Elsewhere, cyclocross world champion Marianne Vos will be a favourite for the stage win.
Breakthrough rides
As we often discuss on Freewheeling, the great thing about stage races is that they provide a platform for up-and-coming riders to break through. Whether with heroic breakaways, surprise stage wins or impressive teamwork, there will be a raft of riders on smaller teams, and even WorldTeams, who will be looking for that opportunity to make their mark.
As we often see in the men’s Tour de France, the fight to get into the breakaway will be more hard-fought than ever as riders vie to get theirs and their sponsor’s names out there on the biggest platform in the sport. And, as we also see in the men’s race, sometimes the big teams get it wrong and those chance breakaways make it all the way to the line.
COVID-19
Just as we’ve seen in the men’s race and at the Giro Donne, the aftershocks of the pandemic are still reverberating through our lives and the sport is no exception. With some key players out of the race even before it began and others having to leave mid-way through, COVID-19’s potential to dictate bike racing is still an unfortunate reality, as we continue to see at the men’s Tour.

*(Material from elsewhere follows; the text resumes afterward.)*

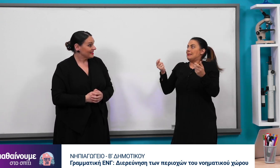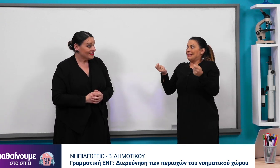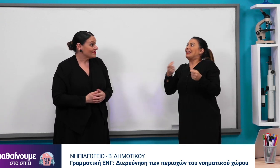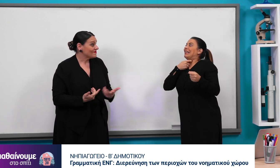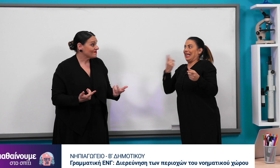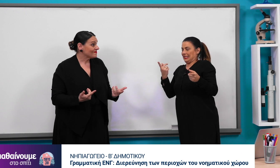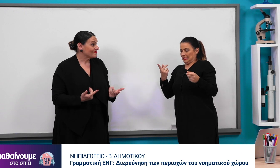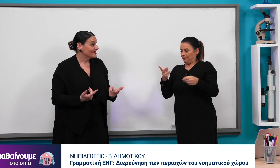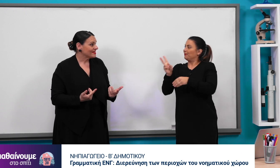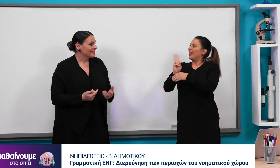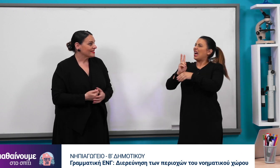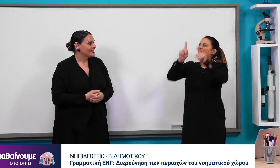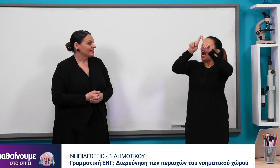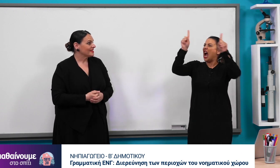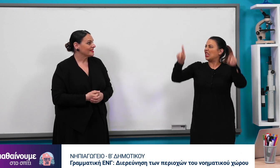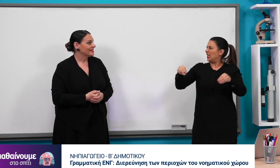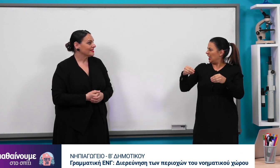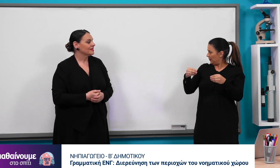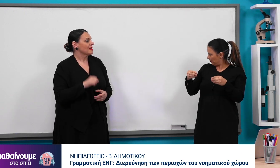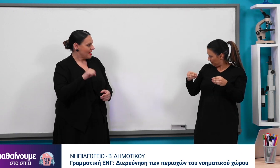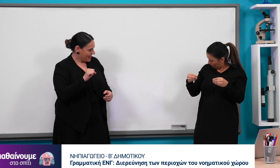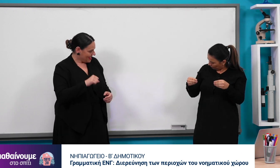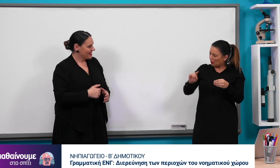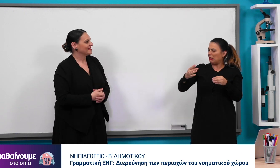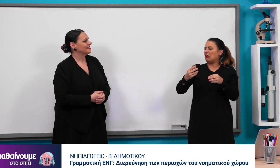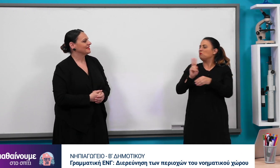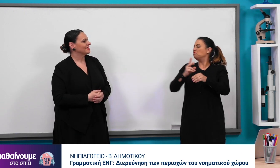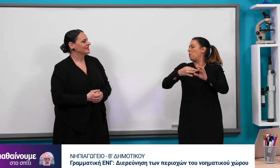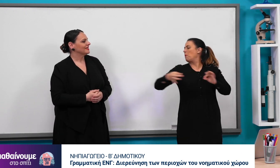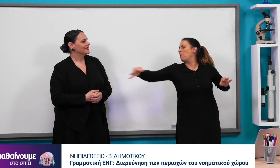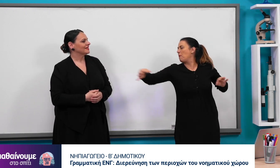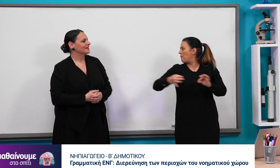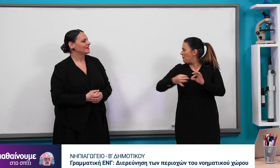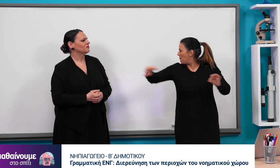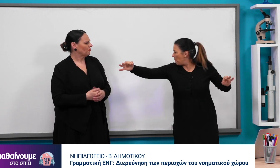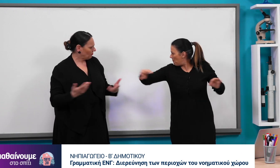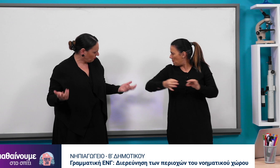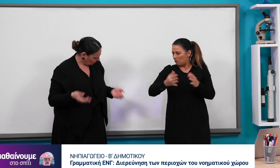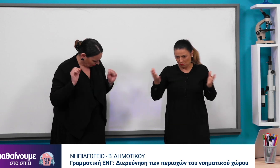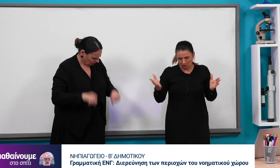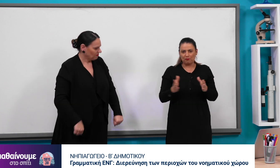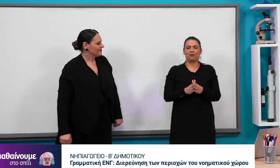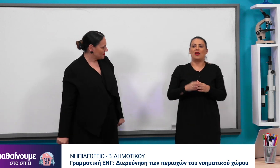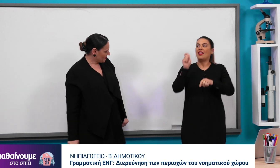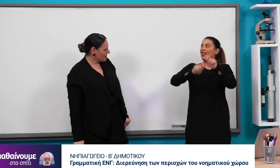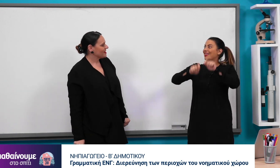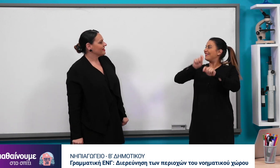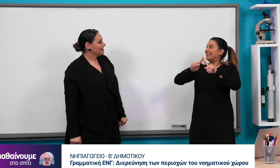Τι θα κάνουμε λοιπόν. Θα πάρουμε ένα χαρτόνι. Ένα χαρτόνι. Έχει χαρτί του μέτρου. Και θα
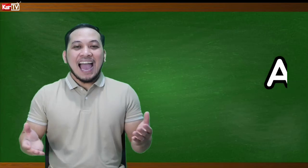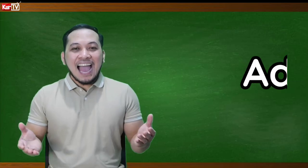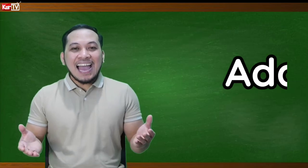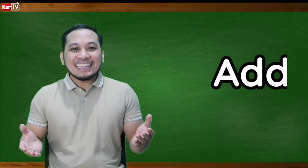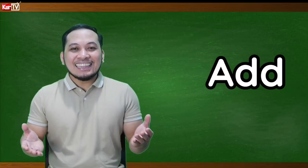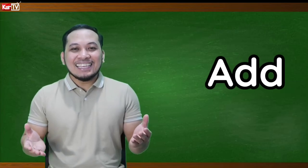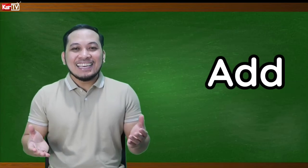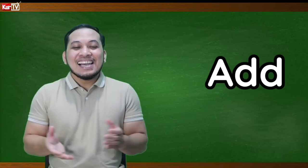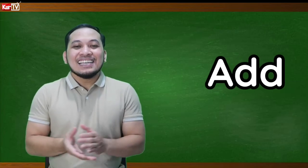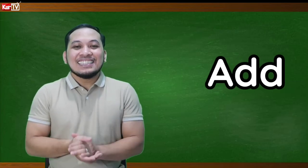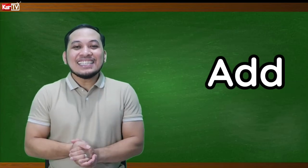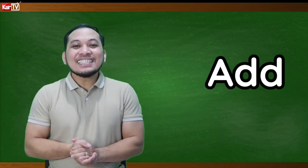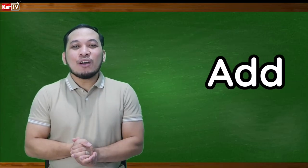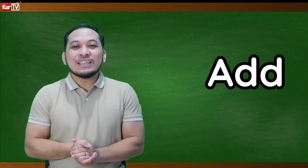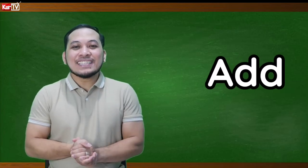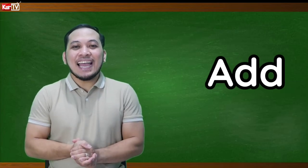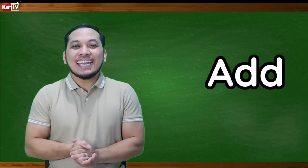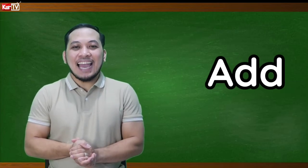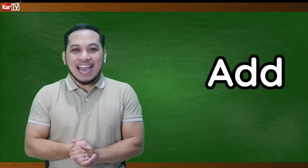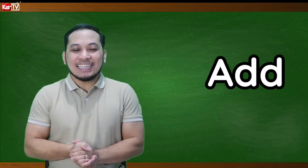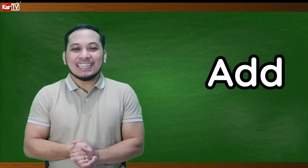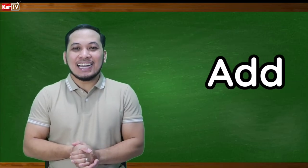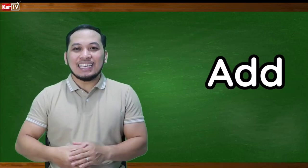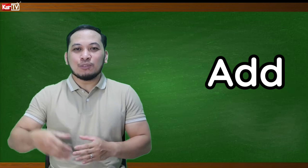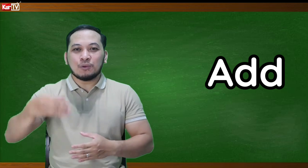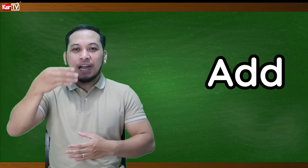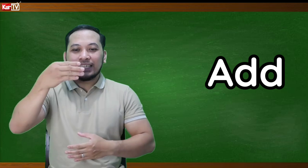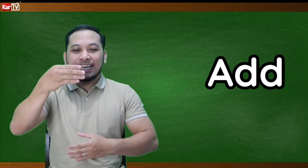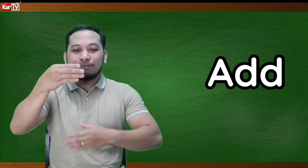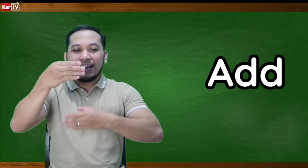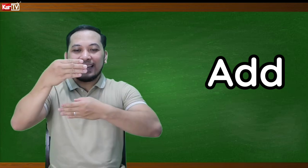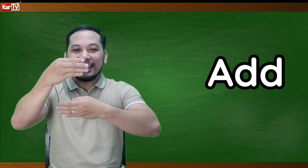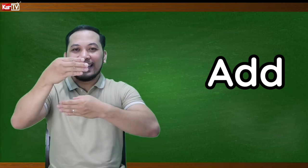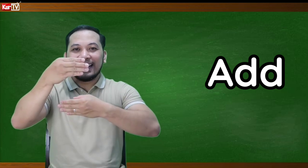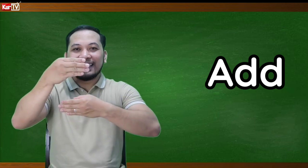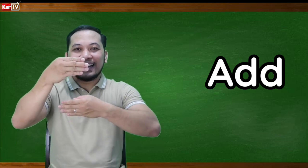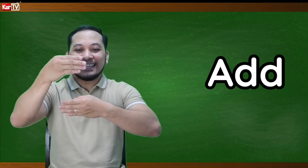Add. This is how we sign. Nakaganito po ang ating kamay. Ayan.
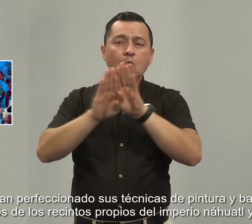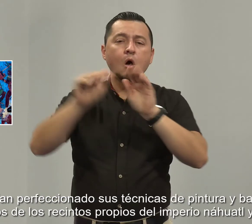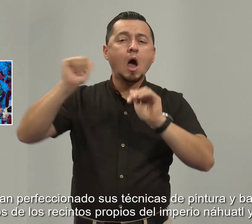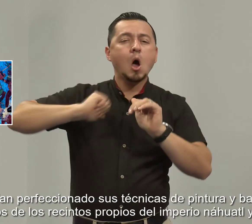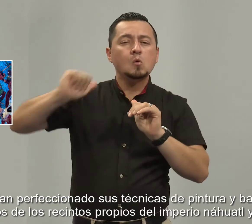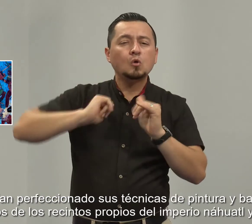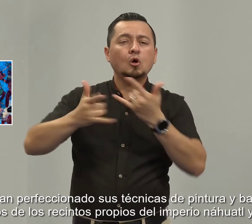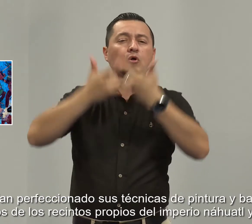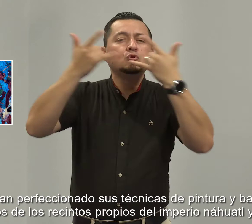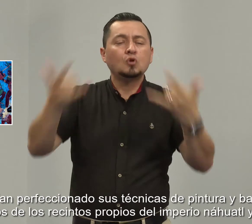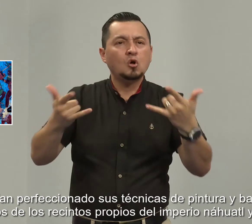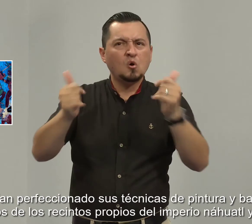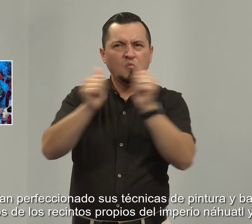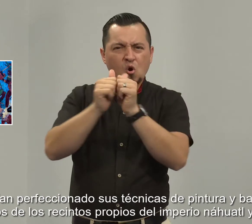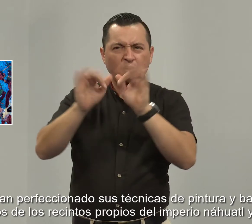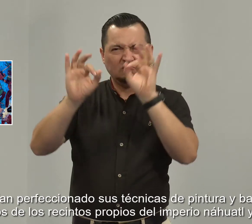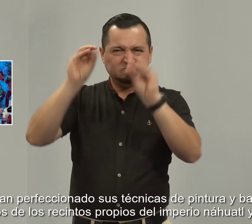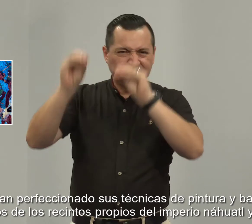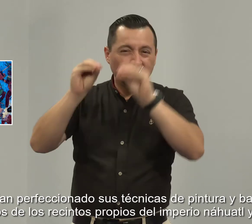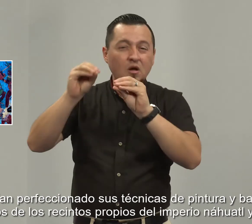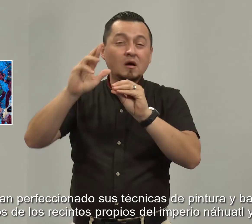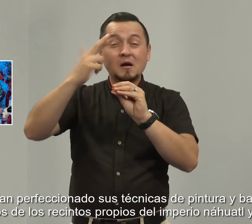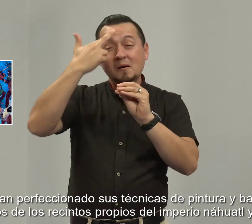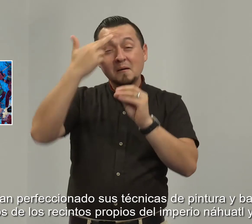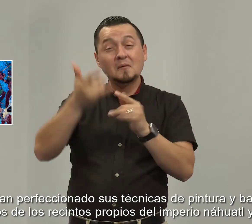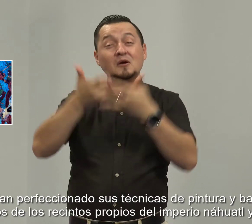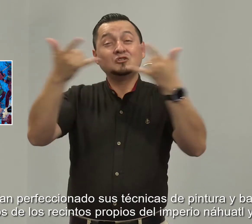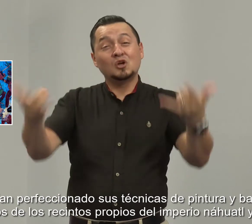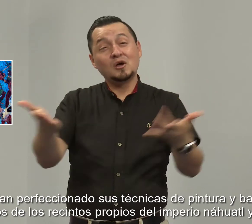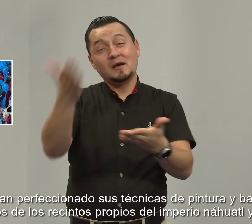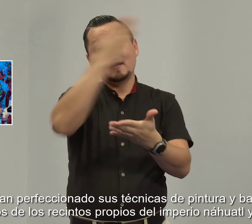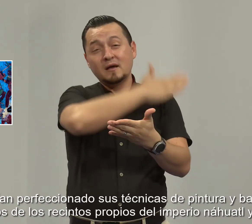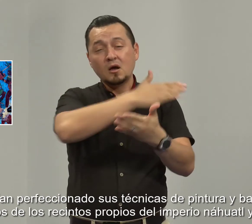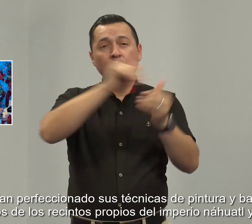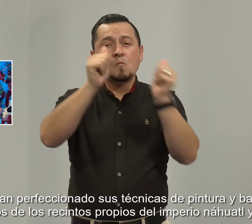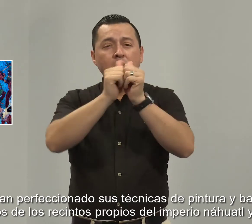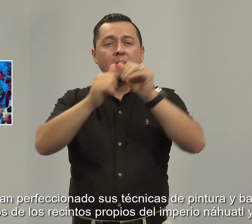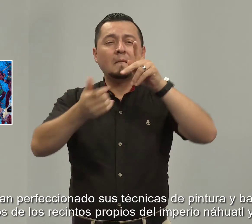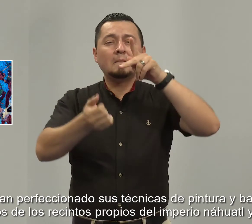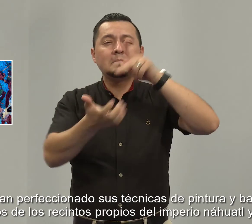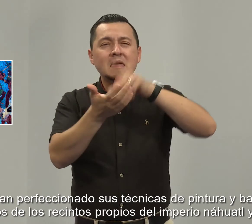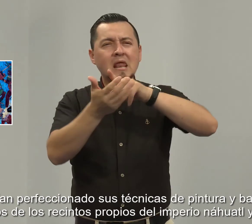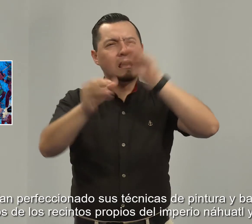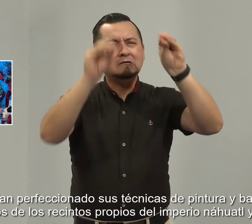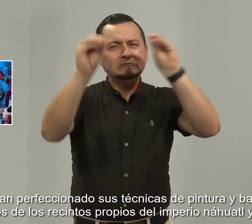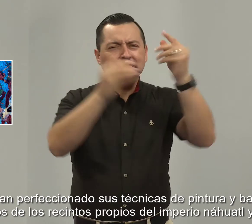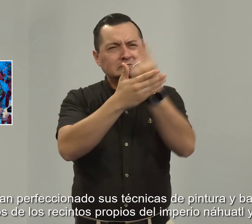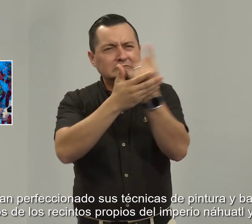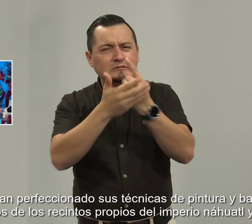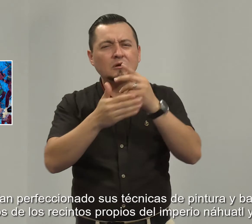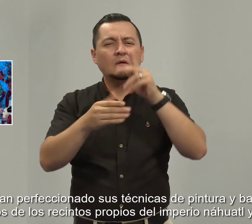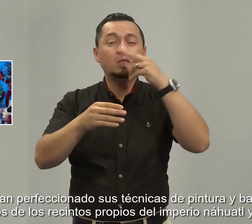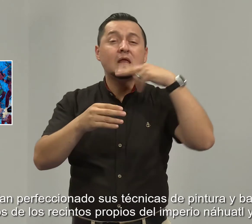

While we obviously all hope that the virus doesn’t affect the racing, there is still a real possibility of the Tour de France Femmes facing the same difficulties.
Justified hyperbole
Every conversation around the race has been peppered with words and phrases like ‘historic’, ‘groundbreaking’ and ‘game-changing’ and while the discussion around the Tour may seem exaggerated to some, there really is no underestimating the impact it will have on women’s cycling.
Yes, there have been women’s Tours de France in the past, but they took place with little or no coverage and in an age where social media did not exist. The hype and excitement that is building around this iteration is justified insofar as the pre-race excitement can be built upon by live TV broadcasting and widespread coverage.
There’s no such thing as being too enthusiastic for the Tour de France Femmes.
The unexpected
The truth is that predicting anything about the Tour de France Femmes is almost impossible. There is no saying exactly how things will play out, what the reception will be, or how the stages will be raced. In many ways, the element of the unknown makes the race an even more exciting prospect.
That this is the first edition of this modern iteration of a women’s Tour de France means that there will be a lot of pressure on the race and the peloton to impress a global audience who will be tuning in to see what the fuss is about. Women’s racing always delivers, but Rome wasn’t build in a day and regardless of whether this is the most thrilling race we see all year or not, the fact of it is exciting enough.
*While this race will be widely referred to as the ‘first’ Tour de France for women, it is, in fact, the most recent of a number of iterations of a women’s race that have gone before it.